**The problem:**
The records below need to be set down again exactly; their images stay out.

(Collected data entries)
====
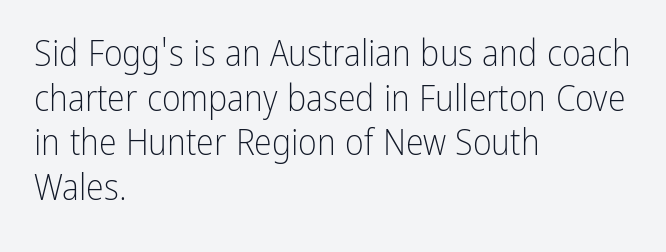
Q: Is the text bold? A: No.
Q: Is the text italic (slanted)? A: No, it is upright.
Q: Is the typeface a serif or a sans-serif typeface? A: Sans-serif.
Q: Is the text underlined? A: No.
Q: How is the paragraph aligned? A: Left-aligned.
Q: Is the spacing between letters normal or unusually wide? A: Normal.
Q: Width (condensed, normal, or wide)? A: Condensed.
Q: Stroke contrast? A: Low.
Q: x-height? A: Medium.
Q: Monospaced? A: No.
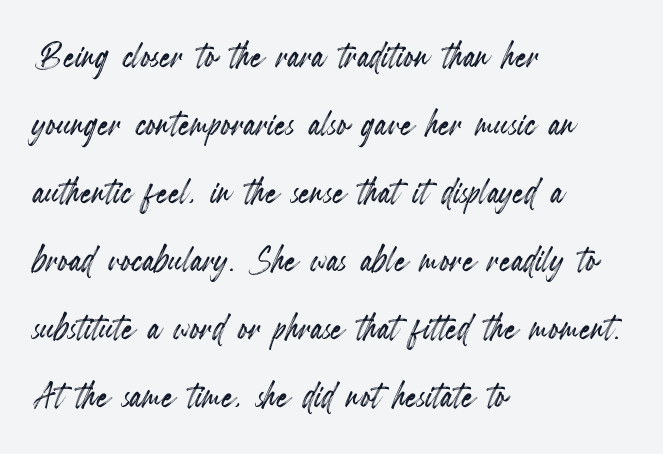
{"width": "condensed", "x_height": "small", "monospaced": "no", "underline": "no", "align": "left", "line_spacing": "normal", "line_spacing_ratio": 1.51, "letter_spacing": "normal", "letter_spacing_em": 0.0, "glyph_px": 45}
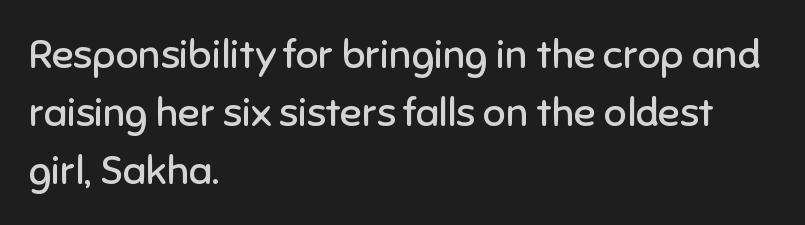
Q: Is the text bold? A: No.
Q: Is the text italic (slanted)? A: No, it is upright.
Q: Is the typeface a serif or a sans-serif typeface? A: Sans-serif.
Q: Is the text underlined? A: No.
Q: How is the paragraph aligned? A: Left-aligned.
Q: Is the spacing between letters normal or unusually wide? A: Normal.
Q: Is the spacing between lines tight, normal or loose? A: Normal.
Q: Width (condensed, normal, or wide)? A: Normal.
Q: Stroke contrast? A: Low.
Q: x-height? A: Medium.
Q: Monospaced? A: No.
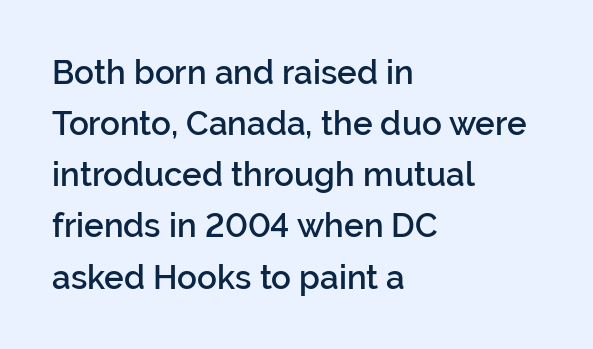
The image shows 33 px semibold sans-serif type, upright; set left-aligned, normal line spacing (1.55x), normal letter spacing, not underlined; low stroke contrast and a medium x-height.
====
**Exercise result:**
Q: Is the text bold? A: No.
Q: Is the text italic (slanted)? A: No, it is upright.
Q: Is the typeface a serif or a sans-serif typeface? A: Sans-serif.
Q: Is the text underlined? A: No.
Q: How is the paragraph aligned? A: Left-aligned.
Q: Is the spacing between letters normal or unusually wide? A: Normal.
Q: Width (condensed, normal, or wide)? A: Condensed.
Q: Stroke contrast? A: Low.
Q: x-height? A: Medium.
Q: Monospaced? A: No.
{"width": "condensed", "x_height": "small", "monospaced": "no", "underline": "no", "align": "left", "line_spacing": "normal", "line_spacing_ratio": 1.51, "letter_spacing": "normal", "letter_spacing_em": 0.0, "glyph_px": 45}
Q: Is the text bold? A: No.
Q: Is the text italic (slanted)? A: No, it is upright.
Q: Is the typeface a serif or a sans-serif typeface? A: Sans-serif.
Q: Is the text underlined? A: No.
Q: How is the paragraph aligned? A: Left-aligned.
Q: Is the spacing between letters normal or unusually wide? A: Normal.
Q: Is the spacing between lines tight, normal or loose? A: Normal.
Q: Width (condensed, normal, or wide)? A: Normal.
Q: Stroke contrast? A: Low.
Q: x-height? A: Medium.
Q: Monospaced? A: No.
The image shows 33 px semibold sans-serif type, upright; set left-aligned, normal line spacing (1.55x), normal letter spacing, not underlined; low stroke contrast and a medium x-height.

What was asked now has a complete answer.